Procedural Pattern: Social Anxiety and Avoidance

A common repetition or procedural pattern for my clients who struggle with social anxiety is avoidance. Through past painful encounters, a person might learn that it feels better to avoid a situation than face the feelings of rejection or hurt that might arise if they try to connect with a new friend or engage in a new activity.

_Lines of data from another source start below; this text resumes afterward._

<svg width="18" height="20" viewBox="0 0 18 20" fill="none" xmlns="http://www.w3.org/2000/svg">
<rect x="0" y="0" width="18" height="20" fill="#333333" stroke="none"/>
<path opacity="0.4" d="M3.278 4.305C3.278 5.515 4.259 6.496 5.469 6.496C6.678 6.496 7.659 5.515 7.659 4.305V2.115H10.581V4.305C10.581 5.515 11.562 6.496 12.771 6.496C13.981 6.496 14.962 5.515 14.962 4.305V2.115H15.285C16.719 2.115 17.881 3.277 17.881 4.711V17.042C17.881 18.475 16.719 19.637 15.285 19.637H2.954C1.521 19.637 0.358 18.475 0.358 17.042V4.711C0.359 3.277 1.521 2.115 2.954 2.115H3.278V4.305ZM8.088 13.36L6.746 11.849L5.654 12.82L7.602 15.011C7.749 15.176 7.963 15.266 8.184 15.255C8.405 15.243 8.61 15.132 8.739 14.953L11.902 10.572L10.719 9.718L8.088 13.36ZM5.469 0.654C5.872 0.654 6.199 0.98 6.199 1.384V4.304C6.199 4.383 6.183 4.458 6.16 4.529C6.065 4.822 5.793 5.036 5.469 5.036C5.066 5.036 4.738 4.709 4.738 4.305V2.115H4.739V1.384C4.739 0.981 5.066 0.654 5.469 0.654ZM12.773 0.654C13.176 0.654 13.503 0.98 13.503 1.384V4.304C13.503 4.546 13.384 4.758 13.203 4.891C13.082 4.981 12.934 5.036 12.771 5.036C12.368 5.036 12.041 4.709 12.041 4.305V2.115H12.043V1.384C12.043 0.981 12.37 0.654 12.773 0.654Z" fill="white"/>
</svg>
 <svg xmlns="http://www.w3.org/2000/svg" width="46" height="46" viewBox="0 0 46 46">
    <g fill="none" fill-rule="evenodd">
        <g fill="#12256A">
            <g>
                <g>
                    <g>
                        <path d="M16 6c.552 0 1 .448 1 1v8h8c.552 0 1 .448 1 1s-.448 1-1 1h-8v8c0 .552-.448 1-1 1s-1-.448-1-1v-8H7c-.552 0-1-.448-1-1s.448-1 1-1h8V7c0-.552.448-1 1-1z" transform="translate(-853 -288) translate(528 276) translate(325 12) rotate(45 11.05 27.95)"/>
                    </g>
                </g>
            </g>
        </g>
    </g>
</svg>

The impulse to avoid is strong and it offers an immediate reinforcement: they feel relieved as soon as they avoid. Yet once the immediate relief subsides, they typically feel the old embarrassment, remorse, or loneliness connected with the avoidance. Often my clients will attack themselves with aggressive thoughts that put them down for not trying to engage in the new connection.

And the cycle continues.

The cycle in social anxiety can be interrupted at any point. We can predict that we are entering into a situation that could cue the old feelings. We could anticipate that the old pattern of avoidance might arise as our stress related to the potential for connection increases. If we act on the avoidance, we can notice that we are doing it and encourage ourselves to lean into the fear and do the opposite of how we feel.

When we act in a new way, especially in the heat of a pattern, the potential for change is big. We can actively interrupt the pattern by acting in a new way. This new action creates new pathways in the brain and lays the groundwork for new responses in the future, making it easier for us to stop avoiding and continue to respond in new ways. Even if we engage in the old pattern of avoidance, we can still interrupt of the pattern when we get into the aftereffects of the behavior.

When the shame, guilt or self-attack arises, we have an opportunity to change our pattern by being thoughtful, understanding instead of judging, and talking it through, changing the shame or guilt into self-understanding creates a new experience of self-compassion. If the pattern is to be hard on ourselves after we’ve reacted in the same old way, we can interrupt this by choosing to be gentle, kind and understanding. This changes our brains too making the chances higher that the next time we are in this pattern, we might be more likely to do something different.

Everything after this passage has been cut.